Create a new Df with clusters included

In [None]:
venues_sorted.insert(0, 'Cluster Labels', kmeans.labels_)

venues_sorted.head()

Now we will prep our data for another merge

In [None]:
venues_sorted.head()
formerge = venues.loc[:, ['Neighborhood', 'Neighborhood Latitude', 'Neighborhood Longitude', 'City']] 
formerge.head()

In [None]:
# merge data to add latitude/longitude for each neighborhood
merged = venues_sorted.join(formerge.set_index('Neighborhood'), on='Neighborhood')

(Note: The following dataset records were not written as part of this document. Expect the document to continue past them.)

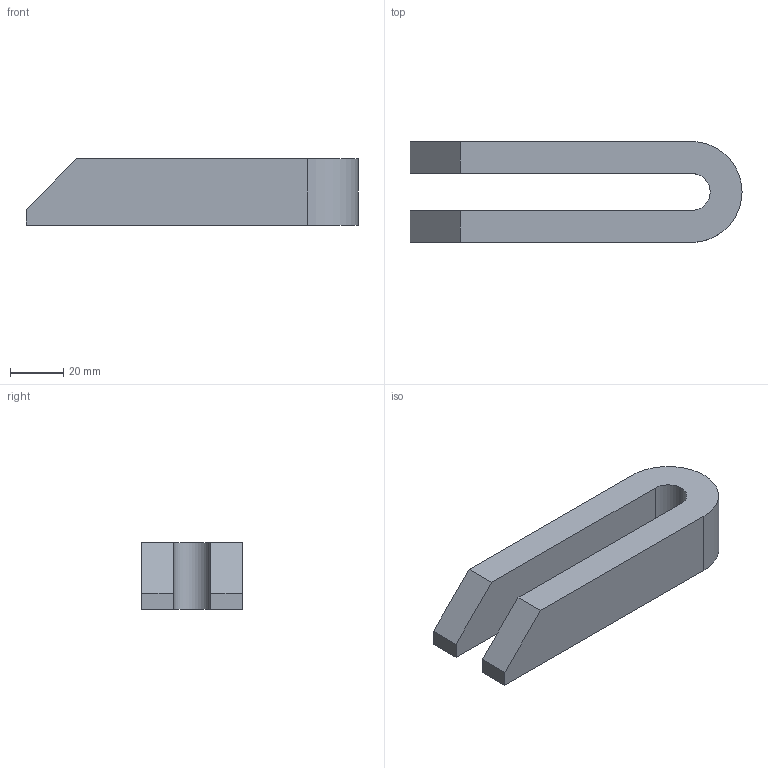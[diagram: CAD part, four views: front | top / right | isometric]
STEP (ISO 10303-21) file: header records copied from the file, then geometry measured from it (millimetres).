
FILE_DESCRIPTION(('STEP AP214'),'1');
FILE_NAME('HALDERN_EH_23150_0014.stp','2017-05-09T08:34:23',('TraceParts'),('TraceParts S.A.'),'Spatial InterOp 3D',' ',' ');
FILE_SCHEMA(('automotive_design'));
Length unit declared in the file: millimetre
Products named in the file (1): HALDERN_EH_23150_0014
Bounding box: 125 x 38 x 25 mm (x, y, z)
Volume: 71520.2 mm3; surface area: 18321.1 mm2
Topology: 1 solids, 1 shells, 12 faces, 30 edges, 20 vertices
Faces by surface type: plane 10, cylinder 2
Entity records: 478 total; most frequent: CARTESIAN_POINT 63, DIRECTION 60, ORIENTED_EDGE 60, EDGE_CURVE 30, LINE 26, VECTOR 26, VERTEX_POINT 20, AXIS2_PLACEMENT_3D 17

merged.head() # check the last columns!

In [None]:
merged.rename(columns={'Neighborhood Latitude': 'Latitude', 'Neighborhood Longitude': 'Longitude'}, inplace = True)

#### **Cluster Comparison**

Lets Visualize count of clusters first then we will look at our map

In [None]:
sns.countplot(x="Cluster", hue="City", data=merged)

In [None]:
# create map
map_clusters = folium.Map(location=[latitude, longitude], zoom_start=11)

# set color scheme for the clusters
x = np.arange(kclusters)
ys = [i + x + (i*x)**2 for i in range(kclusters)]
colors_array = cm.rainbow(np.linspace(0, 1, len(ys)))
rainbow = [colors.rgb2hex(i) for i in colors_array]

# add markers to the map
markers_colors = []
for lat, lon, poi, cluster in zip(merged['Latitude'], merged['Longitude'], merged['Neighborhood'], merged['Cluster Labels']):
    label = folium.Popup(str(poi) + ' Cluster ' + str(cluster), parse_html=True)
    folium.CircleMarker(
        [lat, lon],
        radius=5,
        popup=label,
        color=rainbow[cluster-1],
        fill=True,
        fill_color=rainbow[cluster-1],
        fill_opacity=0.7).add_to(map_clusters)
       
map_clusters

## ***Results***

In this study we investigated neighborhoods of Toronto and New York. We used k means clustering method to make sense of the data. The majority of the neighborhoods seem to fall into busy district type of neighborhoods. There is also clearly more parks in Toronto than in NY. Also it seems that there are beaches in NY and not in Toronto. That could be because its colder in Toronto compared to New York.

## **Conclusion**

There are a lot of similarities between the two cities, Toronto & New York,  but each remain unique.